# Canon Selphy CP-910 setup and printing (Mac)



## process (Nov 18, 2015)

I'm setting up a Christmas family portrait photo-booth for an event where customers will receive a print while they wait using a Canon Selphy CP-910 portable printer attached to a Macbook Pro (OSX 10.9.5 and LR5) using USB. A Canon 6D (RAW mode) will be tethered directly to the laptop using a long USB cable, so I hope this will make each shoot quick and painless. 
However, I'm a little confused about how to set up the printer and print...

So far I've entered the following in the _Print_ module's "_Page setup_" section (large button on lower left hand side) as follows:








Since the paper cards aren't exactly 10x15 cm I suppose I have to crop every shot in the "_Development_" module prior to printing, with a custom preset of 10x14.8, right?
My Canon 6D shots are 5472x3648 pixels, so this would match a 10x15 (or 2x3) format, but not the printer's output.

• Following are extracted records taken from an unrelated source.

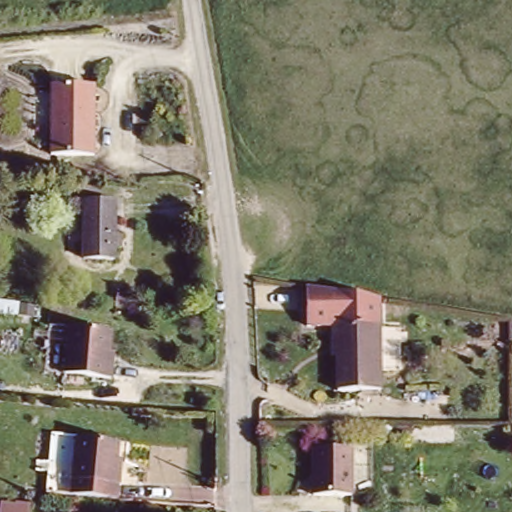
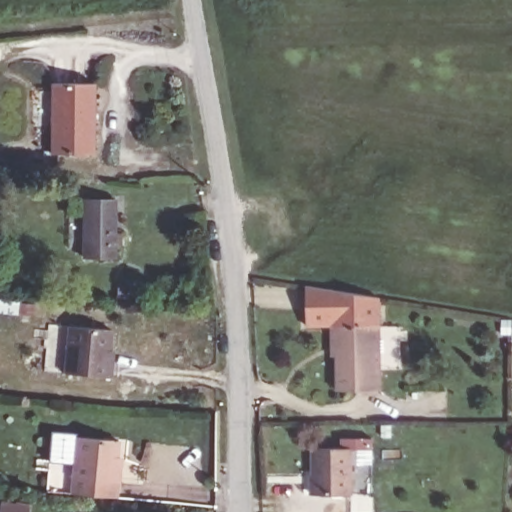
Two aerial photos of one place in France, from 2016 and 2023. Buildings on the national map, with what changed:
unchanged [(94,80),(93,150),(49,150),(50,79),(94,80)]
unchanged [(115,196),(119,257),(86,258),(82,198),(115,196)]
unchanged [(382,297),(384,320),(335,324),(307,324),(305,285),(382,297)]
unchanged [(109,326),(107,358),(112,357),(111,374),(64,372),(67,323),(109,326)]
unchanged [(383,392),(342,392),(342,368),(341,348),(335,348),(335,326),(382,326),(383,374),(383,392)]
unchanged [(72,488),(75,431),(118,433),(116,458),(120,458),(118,491),(72,488)]
unchanged [(347,446),(348,492),(309,492),(309,446),(347,446)]
unchanged [(17,502),(29,504),(28,512),(0,512),(1,503),(16,505),(17,502)]

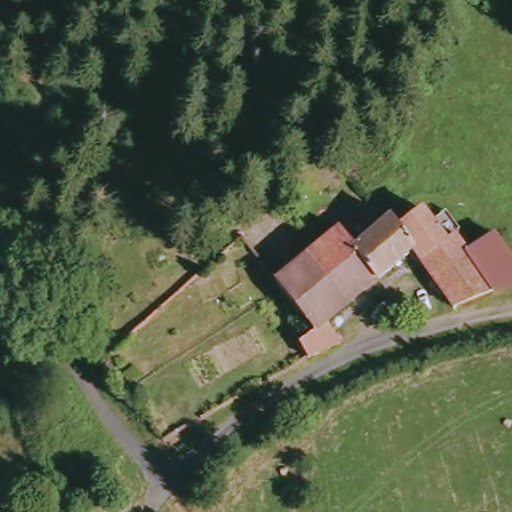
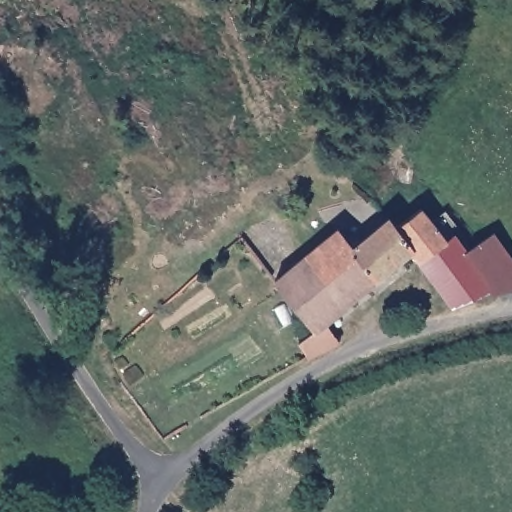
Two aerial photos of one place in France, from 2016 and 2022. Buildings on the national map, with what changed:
unchanged [(402,226),(427,209),(445,242),(457,234),(469,255),(472,258),(503,287),(459,303),(420,252),(402,226)]
unchanged [(304,340),(320,328),(287,292),(278,279),(343,229),(358,247),(397,219),(402,226),(420,252),(330,320),(345,340),(322,350),(311,356),(304,340)]
unchanged [(512,253),(512,286),(503,287),(472,258),(469,255),(495,235),(512,253)]

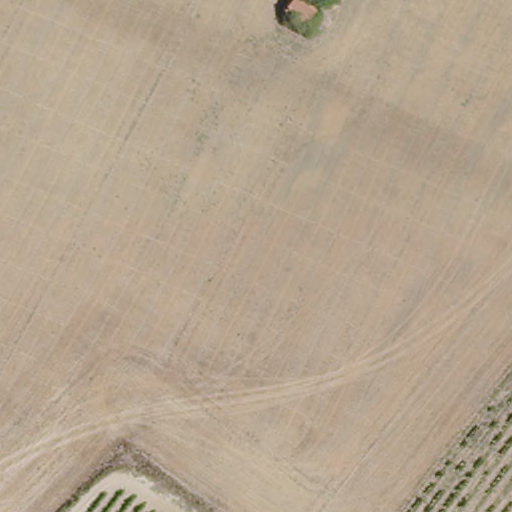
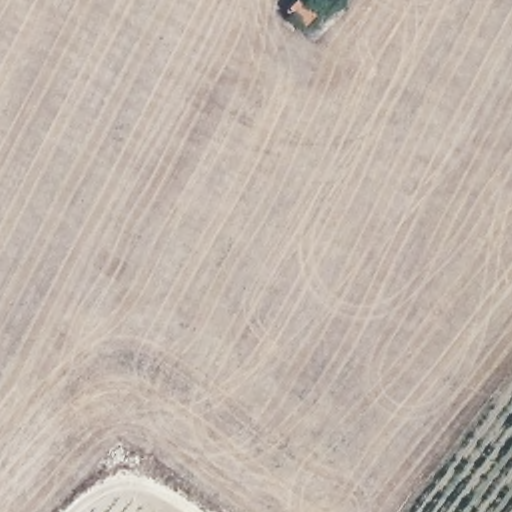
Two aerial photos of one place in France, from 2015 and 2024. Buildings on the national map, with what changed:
unchanged [(302,26),(284,12),(294,0),(316,0),(321,4),(302,26)]

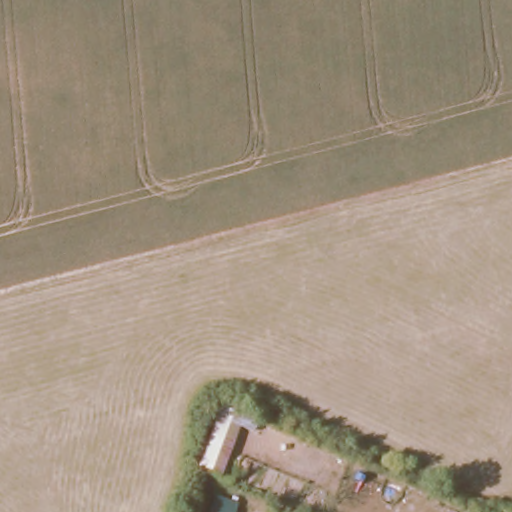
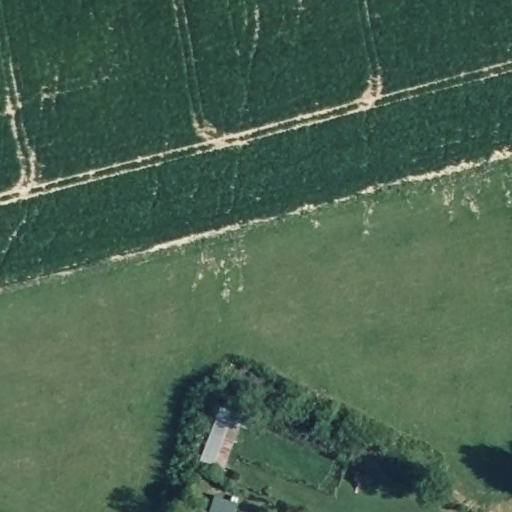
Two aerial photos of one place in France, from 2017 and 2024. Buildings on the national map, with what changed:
unchanged [(199,462),(224,402),(235,406),(230,418),(242,423),(222,472),(199,462)]
unchanged [(238,500),(233,512),(208,512),(217,491),(238,500)]

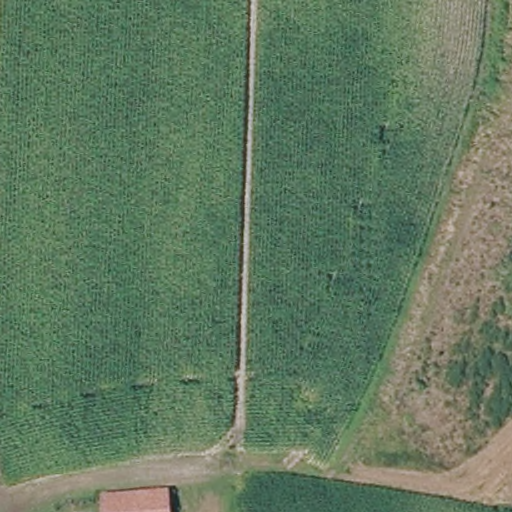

So for the actual printing I would want one photo for each card -do I need to set up a template for this, or can I simply choose the LR preset "(1) 4 x 6" and all will be fine since I defined the paper size in "_Page setup_" and it'll automatically crop to that size?


----------



## Victoria Bampton (Nov 18, 2015)

In the Image Settings panel, you could check Zoom to Fill so you don't need to worry about cropping them by that tiny amount.

And yes, having set the paper size in Page Setup, you shouldn't need to select a preset.  You might just want to check the settings in the Layout panel.


----------



## process (Nov 18, 2015)

Victoria Bampton said:


> In the Image Settings panel, you could check Zoom to Fill so you don't need to worry about cropping them by that tiny amount.


Nice! I knew about it but tried to avoid it thinking it would enlarge the photo (thereby degrading its quality). Now I see that it actually crops it as you say, so that's a useful feature indeed. Thanks!



> And yes, having set the paper size in Page Setup, you shouldn't need to select a preset.  You might just want to check the settings in the Layout panel.


The "(1) 4 x 6" preset appears to not fill out the whole sheet so that didn't work but "Maximize size" on the other hand didn't have any margins, so I'll give that a go. 
I suppose the printer driver along with "Page setup" (Print module) ensures that nothing is to be printed outside of what's physically possible with said printer and the settings on the right hand side (Layout style, Image settings, Layout, Guides, Page etc.) only work within those settings, right?


----------



## Victoria Bampton (Nov 19, 2015)

Yup, the printer driver tells Lightroom which paper size and maximum margins you've selected, and then the settings on the right can only go that far.


----------